Such prefigurings of Christ take many forms on the ceiling, some of which would have been obvious to Michelangelo’s contemporaries. It was a commonplace of medieval and Renaissance theology, for example, to refer to Christ as ‘a second Adam’ — expressing the symmetry by which God’s incarnation as a mortal man, in the person of Jesus Christ, held out the possibility of mankind’s ultimate salvation from the consequences of Adam’s original sin. So it is that the sleeping figure of Adam, in Michelangelo’s depiction of
The Creation of Eve
, anticipates the crumpled figure of the dead Christ awaiting entombment; and so it is that the cruciform shape made by the Tree of Knowledge and the arm of the avenging angel, in
The Temptation and Expulsion
, prefigures that of the Cross on which Christ would be crucified.
By finding such foreshadowings of the New Testament in the stories of the Old Testament, Michelangelo and those who may have helped him in the design of his fresco cycle were doing something that Christians had done since the dawn of their faith. In the first century of the Christian era, as a result of Paul’s mission to the Gentiles, Paul and the early Church fathers had reinterpreted the entire Jewish tradition in the light of their own beliefs. It was their contention that all of the scattered stories of the Hebraic biblical tradition might be drawn together within a single concept of universal history. The heroes of the Old Testament were recast as a succession of figures whose actions and legends prognosticated the appearance of Christ. The words of the texts telling their stories were interrogated by generation on generation of patristic commentators for any sign that might be read as a concealed, secret portent of the coming of Christ.
The credo that underpinned this ancient tradition of interpretation is summed up by the words of an inscription placed by a master theologian of the French Middle Ages, Abbot Denis Suger, on the Concordance Window of the abbey of Saint Denis: ‘
Quod Moses velat Christi doctrina revelat
’, ‘What Moses veils, the doctrine of Christ reveals’. In other words, the Old Testament contains the truth as revealed to Moses and the prophets, but partially hidden, as by a veil. Only through the revelation of Christ’s words and deeds can the full truth of God’s plan for mankind begin to be grasped.

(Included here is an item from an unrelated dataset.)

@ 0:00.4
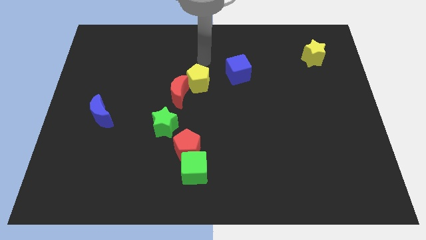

Even before Michelangelo ever worked there, this same structure of belief was written into the Sistine Chapel, just as it had been into the window of Suger’s Norman abbey. The series of frescoes at ground level, painted in the late fifteenth century by a number of masters including Botticelli and Perugino, compare and contrast the life of Moses with that of Christ. The message is the same:
Quod Moses velat Christi doctrina revelat
.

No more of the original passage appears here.